High on feminism’s agenda was giving women the freedom to choose to be a corporate president or a domestic goddess, and for the contributions of those who worked as homemakers to be valued. Divorce laws protected women who put their husbands through medical school, only to be abandoned when the docs reached their greatest earning potential, or saw that those who served as party planners and caterers to advance a spouse’s corporate career weren’t left destitute just because they weren’t the one bringing home a paycheck. Palimony acknowledged that the pillow talk pledge, “You can give up your career -- I’ll always take care of you,” was unreliable, no matter how luxurious the linens.
Relationships on alert
The list of men and women sued for palimony provides the sort of celebrities-behaving-badly material that keeps the schadenfreude pot simmering. Ex-girlfriends of Marlon Brando, Johnnie Cochran and Bob Dylan sued them. Liberace’s confidant, bodyguard and chauffeur sued him for $113 million in palimony, but the case was dismissed. Mitchelson was always careful not to describe his clients as mistresses, since to do so would have implied that they were seeking money for sexual services. He used job titles like “traveling companion,” “confidante” or -- in the case of Vicki Morgan, who sued the estate of Diners Club founder Alfred Bloomingdale for $11 million in 1982 -- “therapist.” Los Angeles Superior Court Judge Christian E. Markey Jr. rejected Morgan’s claim, saying that the Supreme Court never intended its Marvin ruling to become a “mistresses’ recovery act.”

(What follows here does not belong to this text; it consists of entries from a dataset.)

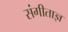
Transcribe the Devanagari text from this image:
संगीताज्ञ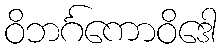
ဝိဘင်္ဂကောဝိဒေါ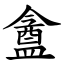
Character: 盦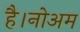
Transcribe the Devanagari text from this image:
है।नोअम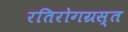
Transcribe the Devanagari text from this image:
रतिरोगग्रस्त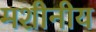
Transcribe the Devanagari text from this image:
मशीनीय

As Mitchelson learned, there are fates worse than palimony. The attorney’s former girlfriend Nina Iliescu fed incriminating information to the IRS when the feds were building a tax fraud case against him. She was one of several ex-girlfriends whose testimony helped the government convict Mitchelson.

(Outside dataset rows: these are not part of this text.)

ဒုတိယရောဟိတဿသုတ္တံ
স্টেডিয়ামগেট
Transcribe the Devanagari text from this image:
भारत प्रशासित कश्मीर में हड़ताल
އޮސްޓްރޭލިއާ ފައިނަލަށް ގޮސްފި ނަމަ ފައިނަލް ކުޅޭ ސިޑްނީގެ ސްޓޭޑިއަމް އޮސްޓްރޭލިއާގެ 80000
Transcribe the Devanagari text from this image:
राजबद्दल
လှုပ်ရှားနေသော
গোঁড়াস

Lee Marvin died in 1987 of a heart attack at 63. Michelle Marvin went on to transform herself from a brunet to a blond, and in 1976 began a romance with Dick Van Dyke. They lived together, for a while at the Marina City Club, and she had a small part in an episode of his TV series “Diagnosis Murder” in 1993. She was credited as Michelle Triola. The couple never married, but in 1983 she told The Times that she did have a written contract.